Una era grande, elegantemente goffa, bella di una bellezza imperfetta e naturale che aveva saputo imporre a quella fabbrica degli stereotipi nota sotto il nome di Hollywood: una donna umana troppo umana, una persona vera, con passioni, limiti, difetti, e la capacità di reinventarsi la vita, anche a prezzo di qualche crudeltà. Una grande attrice, probabilmente. Ma difficile dirlo. Potevi solo lasciarti incantare dal suo bel viso intenso, visto che per tutta la vita, salvo nei primi tempi, nella sua Svezia, ha recitato in una lingua non sua - l’inglese di Hollywood, il francese dell’emigrata, l’italiano dell’italiana d’adozione.
L’altra era il prodotto di una impeccabile educazione americana corroborata dai soldi e dalla classe: perfetta, bionda, elegantissima, altera, brava sì, come attrice, nei suoi ruoli freddi e distaccati che con un perfetto type casting le affidavano a Hollywood. Gelida ma, a quanto si sussurra, bollente.

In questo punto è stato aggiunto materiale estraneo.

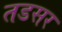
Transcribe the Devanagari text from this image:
तडसर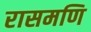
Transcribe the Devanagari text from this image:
रासमणि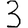
Digit: 3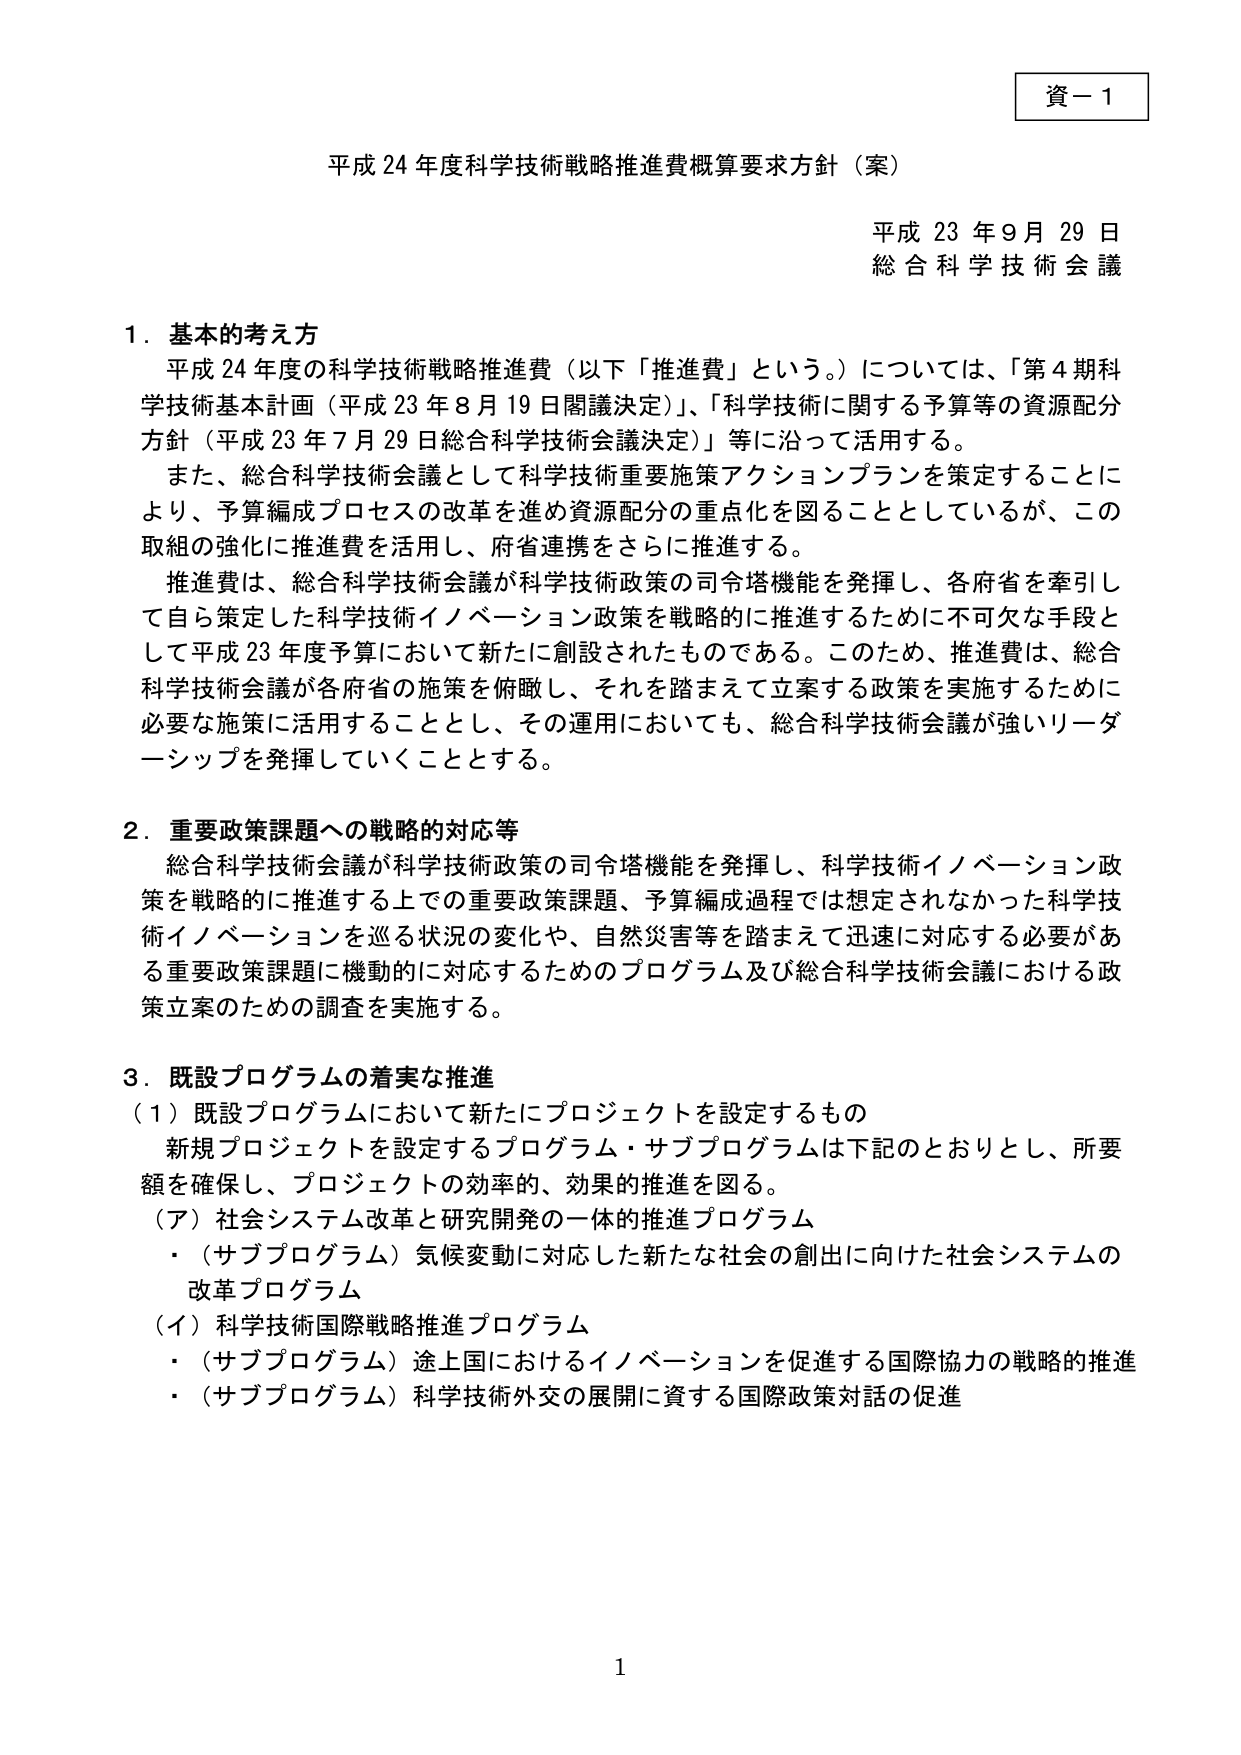
資－1

平成24年度科学技術戦略推進費概算要求方針（案）

平成23年9月29日
総合科学技術会議

1．基本的考え方
平成24年度の科学技術戦略推進費（以下「推進費」という。）については、「第4期科学技術基本計画（平成23年8月19日閣議決定）」、「科学技術に関する予算等の資源配分方針（平成23年7月29日総合科学技術会議決定）」等に沿って活用する。
また、総合科学技術会議として科学技術重要施策アクションプランを策定することにより、予算編成プロセスの改革を進め資源配分の重点化を図ることとしているが、この取組の強化に推進費を活用し、府省連携をさらに推進する。
推進費は、総合科学技術会議が科学技術政策の司令塔機能を発揮し、各府省を牽引して自ら策定した科学技術イノベーション政策を戦略的に推進するために不可欠な手段として平成23年度予算において新たに創設されたものである。このため、推進費は、総合科学技術会議が各府省の施策を俯瞰し、それを踏まえて立案する政策を実施するために必要な施策に活用することとし、その運用においても、総合科学技術会議が強いリーダーシップを発揮していくこととする。

2．重要政策課題への戦略的対応等
総合科学技術会議が科学技術政策の司令塔機能を発揮し、科学技術イノベーション政策を戦略的に推進する上での重要政策課題、予算編成過程では想定されなかった科学技術イノベーションを巡る状況の変化や、自然災害等を踏まえて迅速に対応する必要がある重要政策課題に機動的に対応するためのプログラム及び総合科学技術会議における政策立案のための調査を実施する。

3．既設プログラムの着実な推進
（1）既設プログラムにおいて新たにプロジェクトを設定するもの
新規プロジェクトを設定するプログラム・サブプログラムは下記のとおりとし、所要額を確保し、プロジェクトの効率的、効果的推進を図る。
（ア）社会システム改革と研究開発の一体的推進プログラム
・（サブプログラム）気候変動に対応した新たな社会の創出に向けた社会システムの改革プログラム
（イ）科学技術国際戦略推進プログラム
・（サブプログラム）途上国におけるイノベーションを促進する国際協力の戦略的推進
・（サブプログラム）科学技術外交の展開に資する国際政策対話の促進

1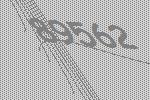
89562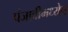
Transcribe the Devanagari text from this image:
पंजाबीमध्येच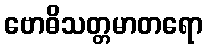
ဗောဓိသတ္တမာတရော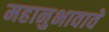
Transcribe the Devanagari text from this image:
महानुभावावे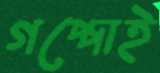
গপ্পোই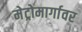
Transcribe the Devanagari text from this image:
मेट्रोमार्गावर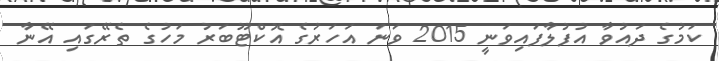
ކަމުގެ ދައުވާ އުފުލާފައިވަނީ 2015 ވަނަ އަހަރުގެ އޮކްޓޫބަރު މަހުގެ ތެރޭގައި އޭނާ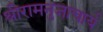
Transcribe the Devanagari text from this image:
श्रीरामनुजाचार्य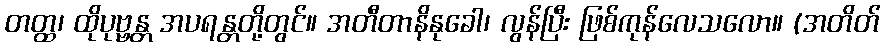
တတ္ထ၊ ထိုပုဗ္ဗန္တ အပရန္တတို့တွင်။ အတီတာနိနုခေါ၊ လွန်ပြီး ဖြစ်ကုန်လေသလော။ (အတိတ်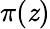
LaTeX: \pi(\mathit{z})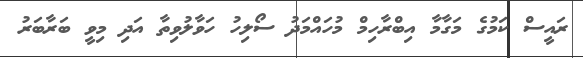
ރައީސް ކަމުގެ މަގާމާ އިބްރާހިމް މުހައްމަދު ސޯލިހު ހަވާލުވިތާ އަދި މިވީ ބަރާބަރު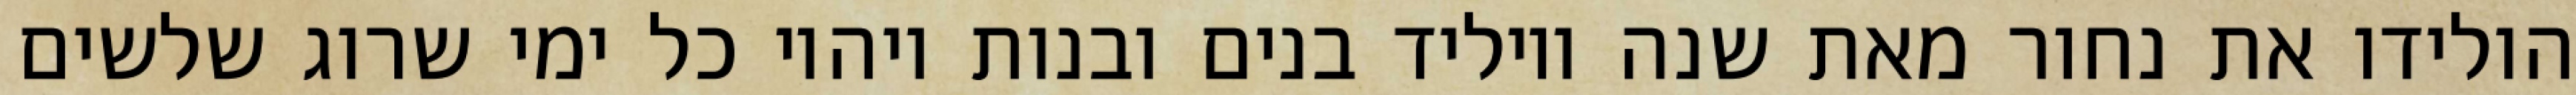
הולידו את נחור מאת שנה ויוליד בנים ובנות ויהיו כל ימי שרוג שלשים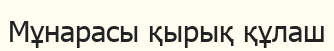
Мұнарасы қырық құлаш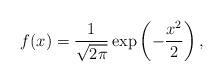
LaTeX: \begin{align*}f(x)=\frac{1}{\sqrt{2\pi}}\exp\left(-\frac{x^2}{2}\right),\end{align*}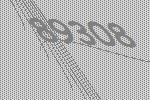
89308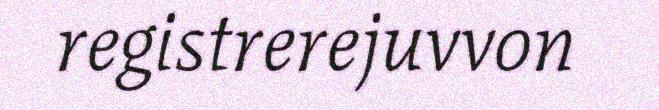
registrerejuvvon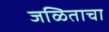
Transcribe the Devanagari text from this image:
जळिताचा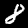
Digit: 8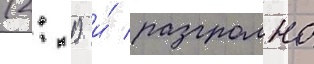
(2: 1) и́ разгромно
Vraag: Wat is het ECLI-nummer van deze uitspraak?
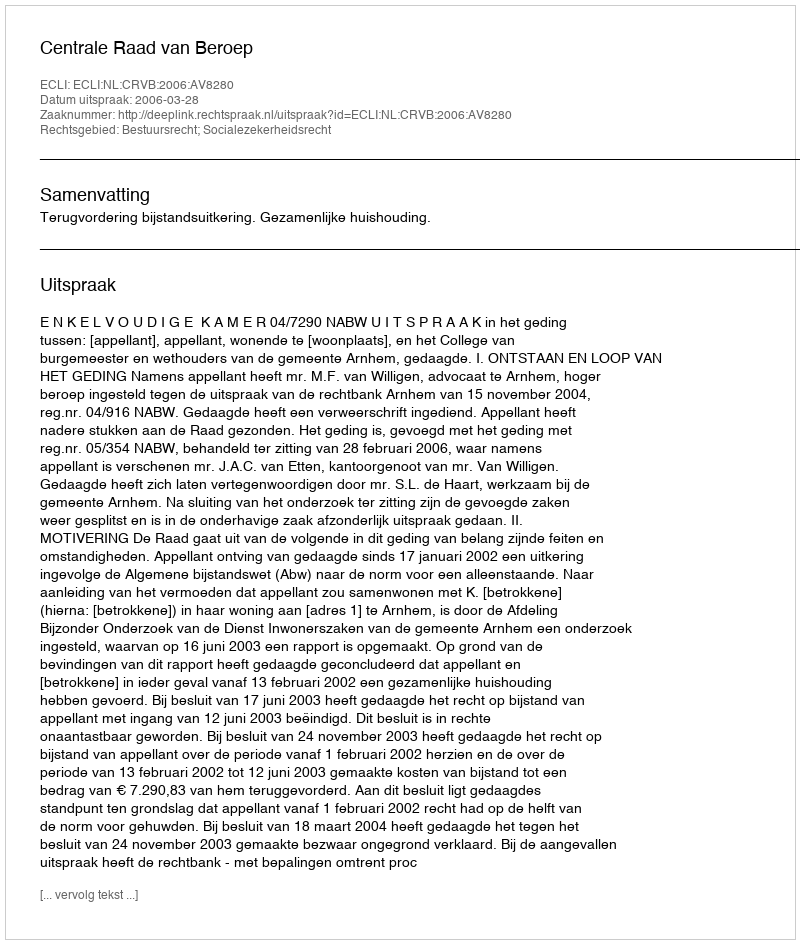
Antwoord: ECLI:NL:CRVB:2006:AV8280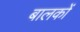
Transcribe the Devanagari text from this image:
बालकोंं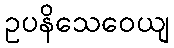
ဥပနိသေဝေယျ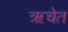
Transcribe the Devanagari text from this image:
ऋचेत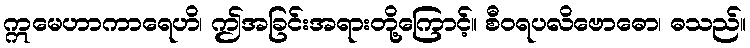
ဣမေဟာကာရေဟိ၊ ဤအခြင်းအရားတို့ကြောင့်။ စီဝရပလိဗောဓော၊ ဓသည်။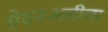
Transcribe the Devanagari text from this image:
हेदरअलीला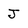
Character: J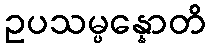
ဥပသမ္ပန္နောတိ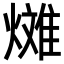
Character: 𪹰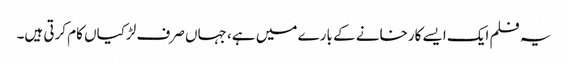
یہ فلم ایک ایسے کارخانے کے بارے میں ہے، جہاں صرف لڑکیاں کام کرتی ہیں۔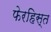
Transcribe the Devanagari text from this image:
फेरहिस्त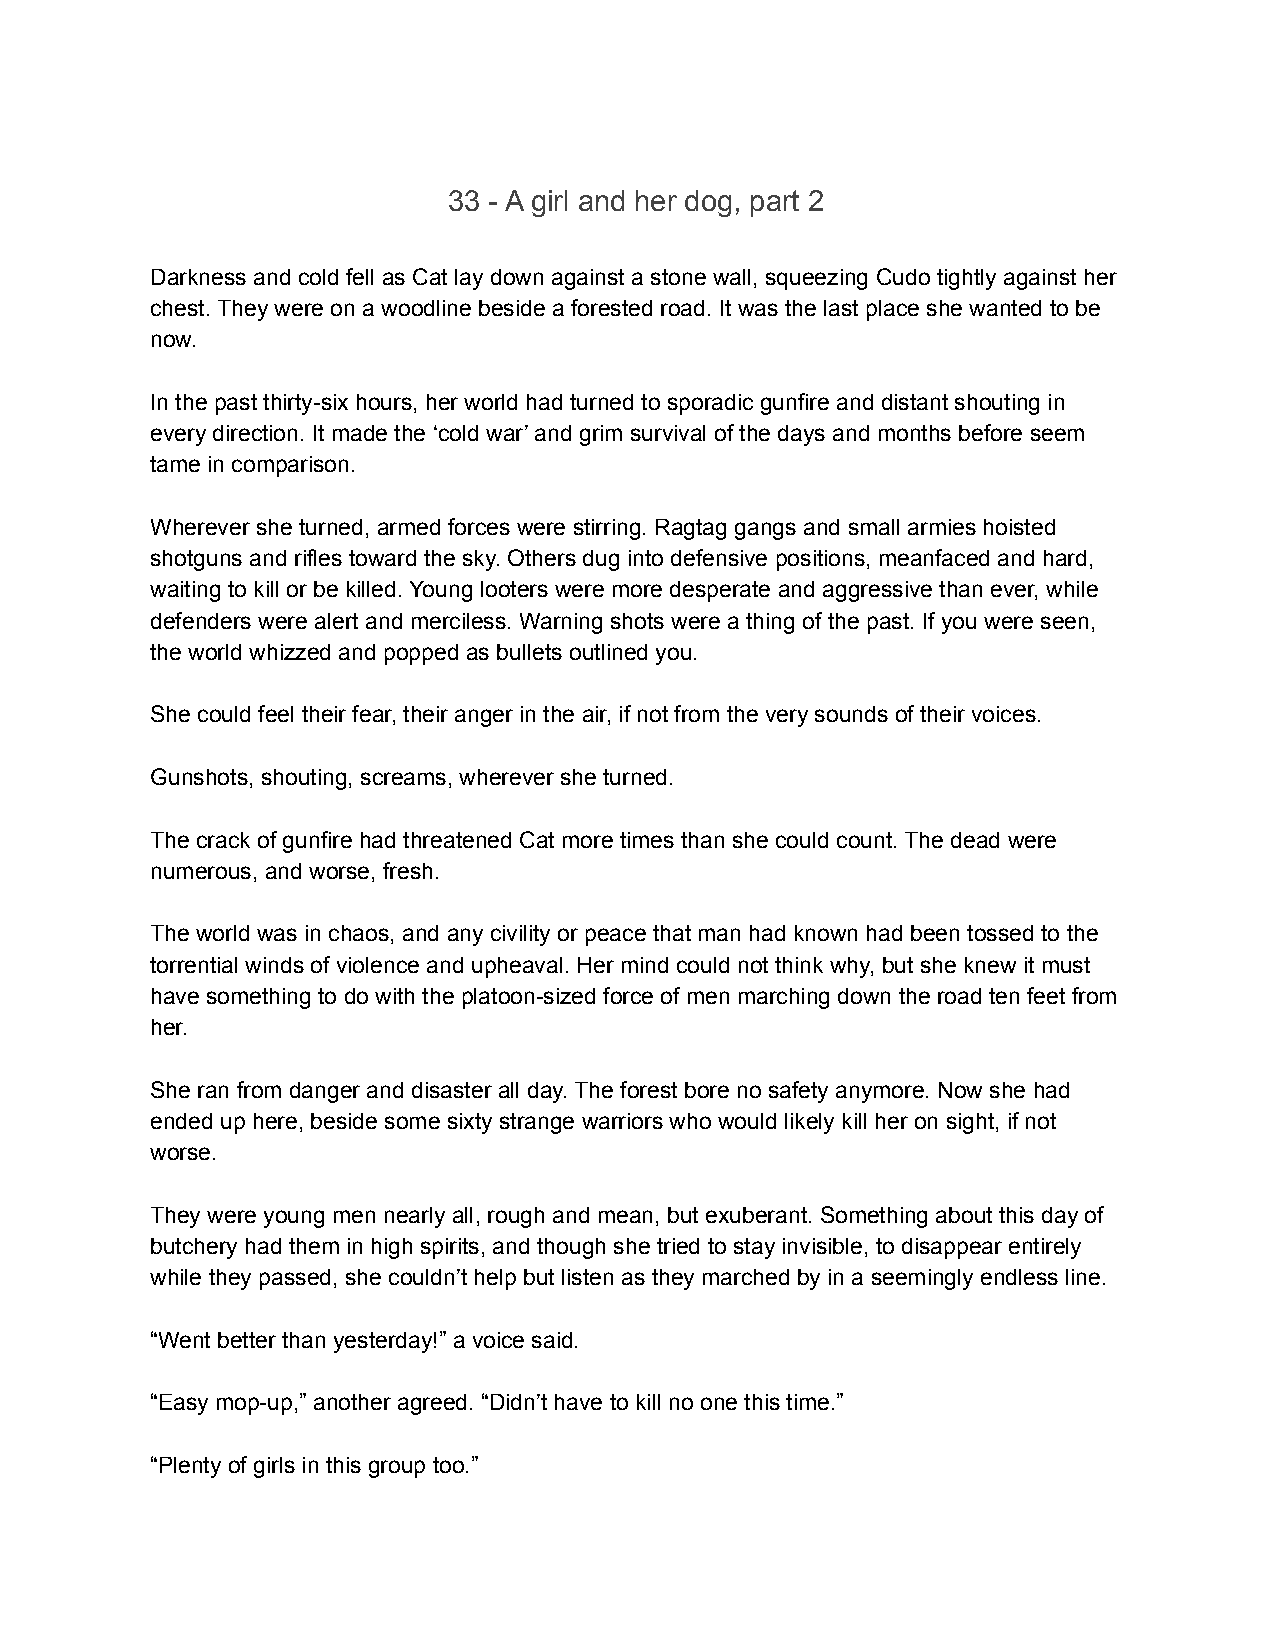
33 - A girl and her dog, part 2
 Darkness and cold fell as Cat lay down against a stone wall, squeezing Cudo tightly against her
 chest. They were on a woodline beside a forested road. It was the last place she wanted to be
 now.
 In the past thirty-six hours, her world had turned to sporadic gunfire and distant shouting in
 every direction. It made the ‘cold war’ and grim survival of the days and months before seem
 tame in comparison.
 Wherever she turned, armed forces were stirring. Ragtag gangs and small armies hoisted
 shotguns and rifles toward the sky. Others dug into defensive positions, meanfaced and hard,
 waiting to kill or be killed. Young looters were more desperate and aggressive than ever, while
 defenders were alert and merciless. Warning shots were a thing of the past. If you were seen,
 the world whizzed and popped as bullets outlined you.
 She could feel their fear, their anger in the air, if not from the very sounds of their voices.
 Gunshots, shouting, screams, wherever she turned.
 The crack of gunfire had threatened Cat more times than she could count. The dead were
 numerous, and worse, fresh.
 The world was in chaos, and any civility or peace that man had known had been tossed to the
 torrential winds of violence and upheaval. Her mind could not think why, but she knew it must
 have something to do with the platoon-sized force of men marching down the road ten feet from
 her.
 She ran from danger and disaster all day. The forest bore no safety anymore. Now she had
 ended up here, beside some sixty strange warriors who would likely kill her on sight, if not
 worse.
 They were young men nearly all, rough and mean, but exuberant. Something about this day of
 butchery had them in high spirits, and though she tried to stay invisible, to disappear entirely
 while they passed, she couldn’t help but listen as they marched by in a seemingly endless line.
 “Went better than yesterday!” a voice said.
 “Easy mop-up,” another agreed. “Didn’t have to kill no one this time.”
 “Plenty of girls in this group too.”

Un’attrice dalla ferrea volontà, che aveva saputo disegnarsi una carriera modello e lasciarla nel momento del massimo fulgore, diventando quello che tutti pensavano fosse anche ai tempi di Hollywood e dei suoi (si dice) disordinati e torridi amori: una principessa.
L’una e l’altra legate da uno strano destino temporale. Perché se ne sono andate insieme, a distanza di due settimane, nell’estate di trenta anni fa. Ingrid Bergman il 29 agosto, mentre si svolgeva la trentanovesima edizione della Mostra del cinema di Venezia, nel cordoglio del popolo del cinema
che salutava l’ultima attrice/diva (e la Mostra del cinema avrebbe dovuto ricordarsi dell’anniversario e celebrarla). L’altra, Grace Kelly, il 14 settembre, dopo il terribile incidente automobilistico che scatenò una ridda di demenziali ipotesi e di pettegolezzi morbosi e che chiuse tragicamente quella che sino allora era stata una favola: quella della diva hollywoodiana che approda bellissima su una spiaggia della Costa Azzurra per girare un film con un maestro del cinema e un amico forse più che amico, che si innamora del locale principe, che lo sposa in un tripudio di ospiti regali e di rotocalchi.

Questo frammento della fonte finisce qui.